• _Prompt_:
Will you write out, word for word, every line from the one with "This is 3.2 seconds past image 1." to the final line of the data below, with the pictures left out?

(Stored items)
*** Begin section ***

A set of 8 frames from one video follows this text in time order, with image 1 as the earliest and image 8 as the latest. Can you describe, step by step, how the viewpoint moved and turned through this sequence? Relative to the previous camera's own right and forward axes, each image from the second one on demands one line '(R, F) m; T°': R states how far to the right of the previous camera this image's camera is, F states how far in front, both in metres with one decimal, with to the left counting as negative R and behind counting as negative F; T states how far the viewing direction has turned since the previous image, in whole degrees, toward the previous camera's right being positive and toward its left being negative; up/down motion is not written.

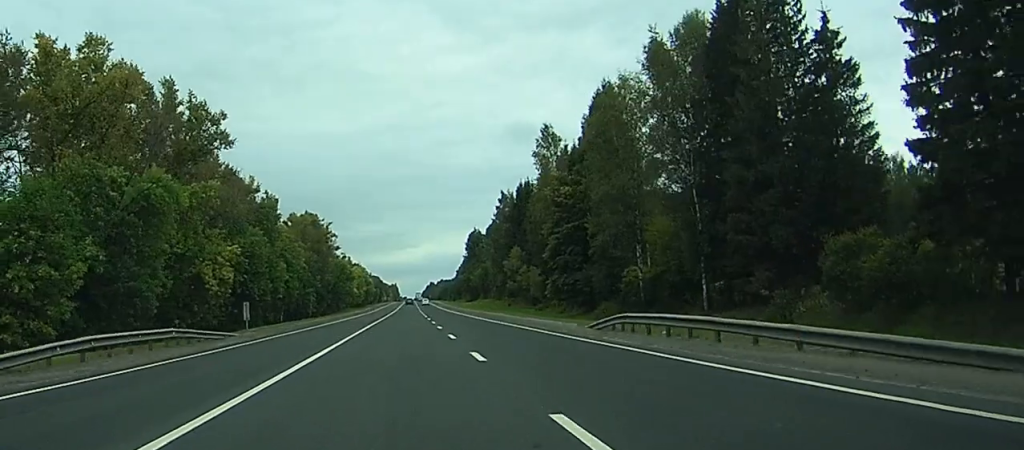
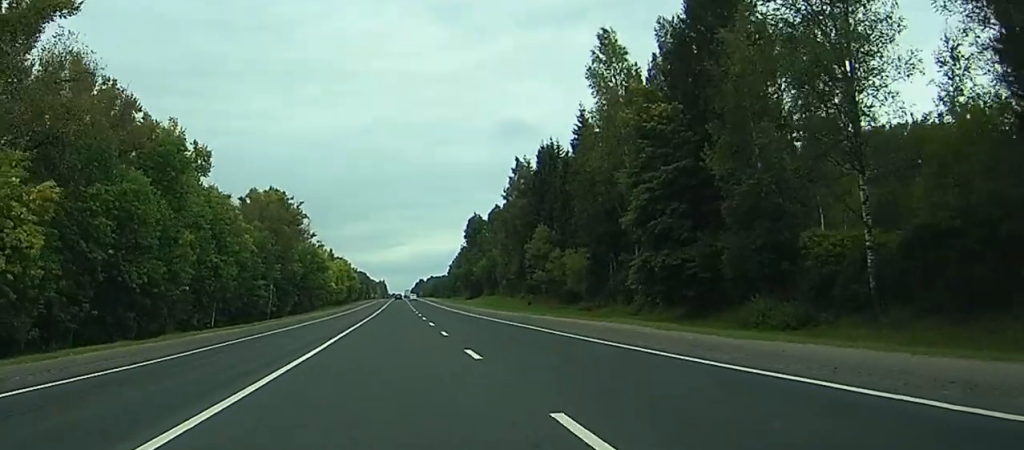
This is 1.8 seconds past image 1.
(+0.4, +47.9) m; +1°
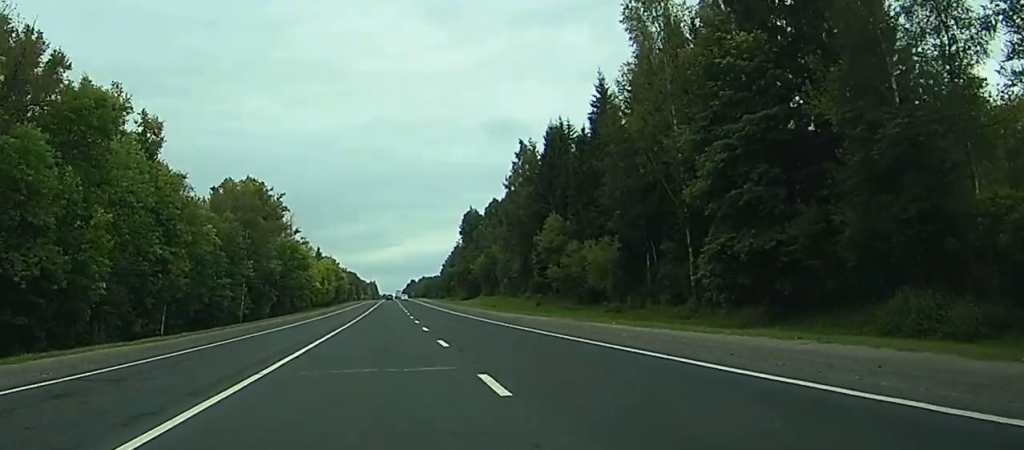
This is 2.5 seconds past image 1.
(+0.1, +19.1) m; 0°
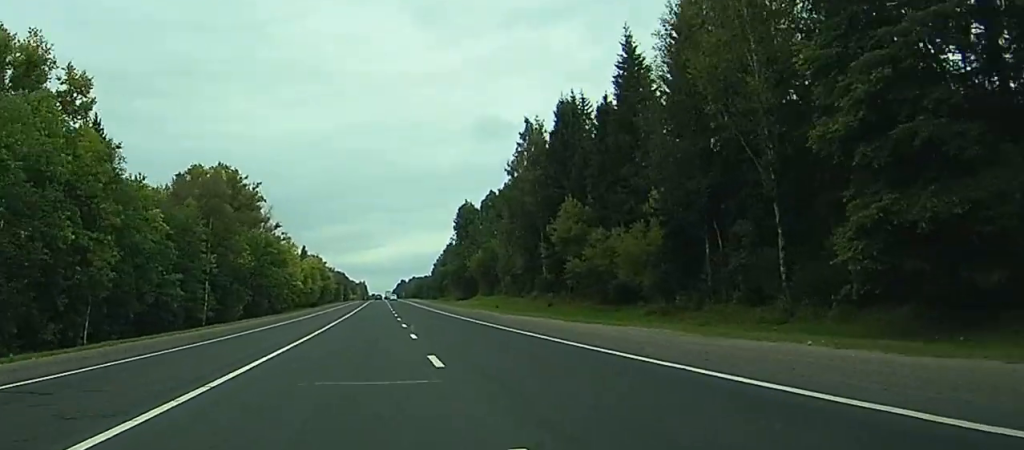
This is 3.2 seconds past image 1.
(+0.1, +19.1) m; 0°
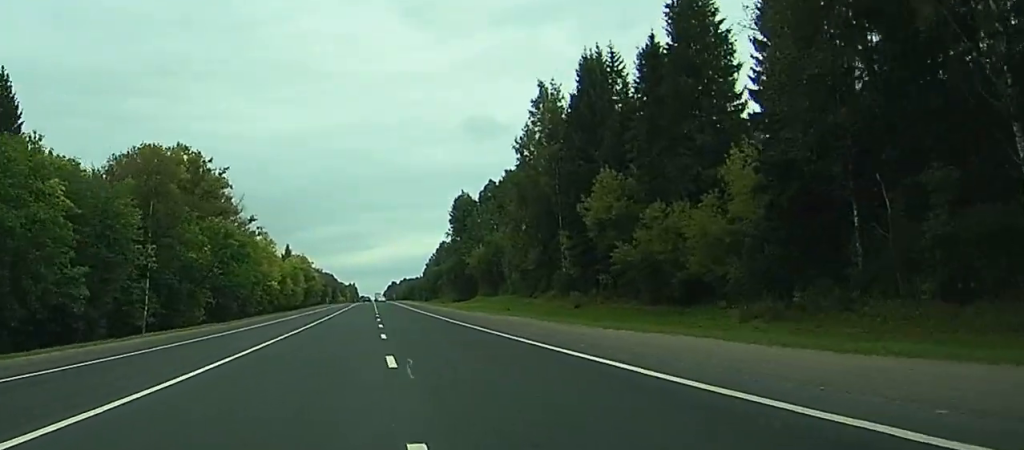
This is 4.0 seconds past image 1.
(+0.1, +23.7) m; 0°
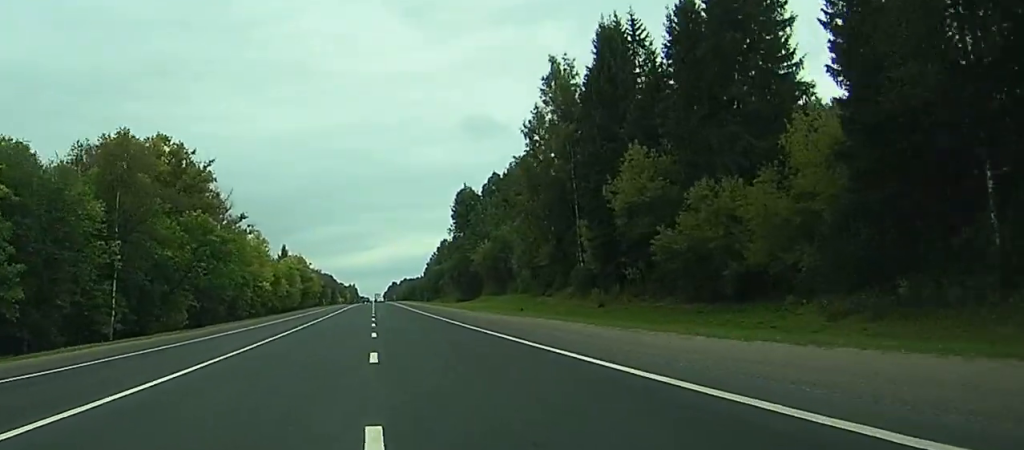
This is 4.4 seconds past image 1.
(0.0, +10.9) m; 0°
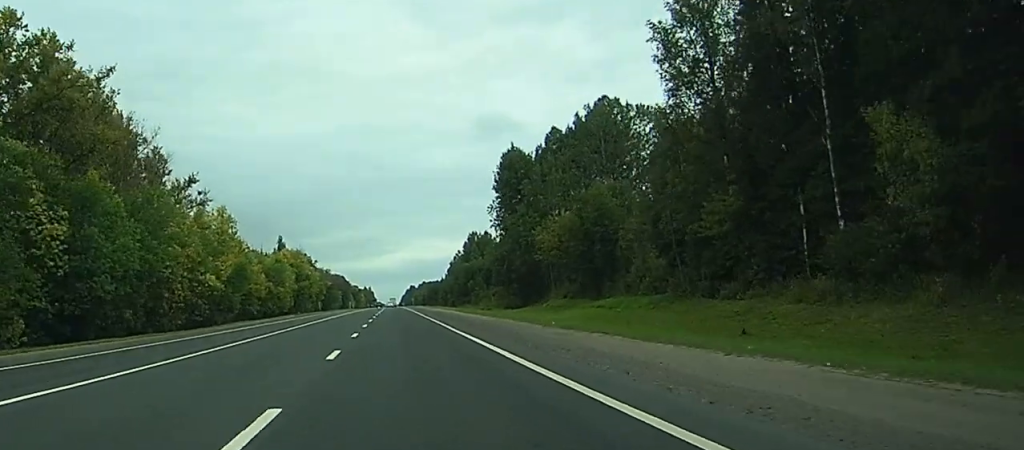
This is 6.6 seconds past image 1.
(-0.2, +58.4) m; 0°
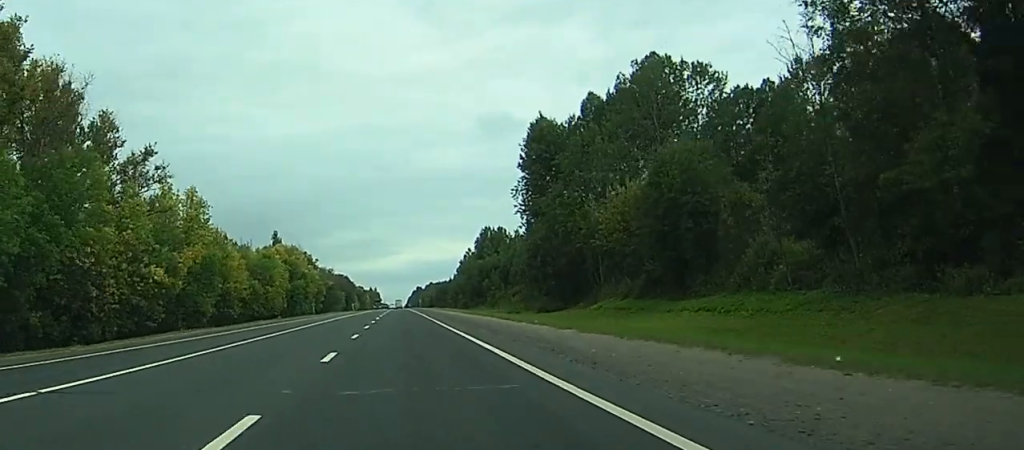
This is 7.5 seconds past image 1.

*** End section ***

• _Written solution_:
This is 3.2 seconds past image 1.
(+0.1, +19.1) m; 0°
This is 4.0 seconds past image 1.
(+0.1, +23.7) m; 0°
This is 4.4 seconds past image 1.
(0.0, +10.9) m; 0°
This is 6.6 seconds past image 1.
(-0.2, +58.4) m; 0°
This is 7.5 seconds past image 1.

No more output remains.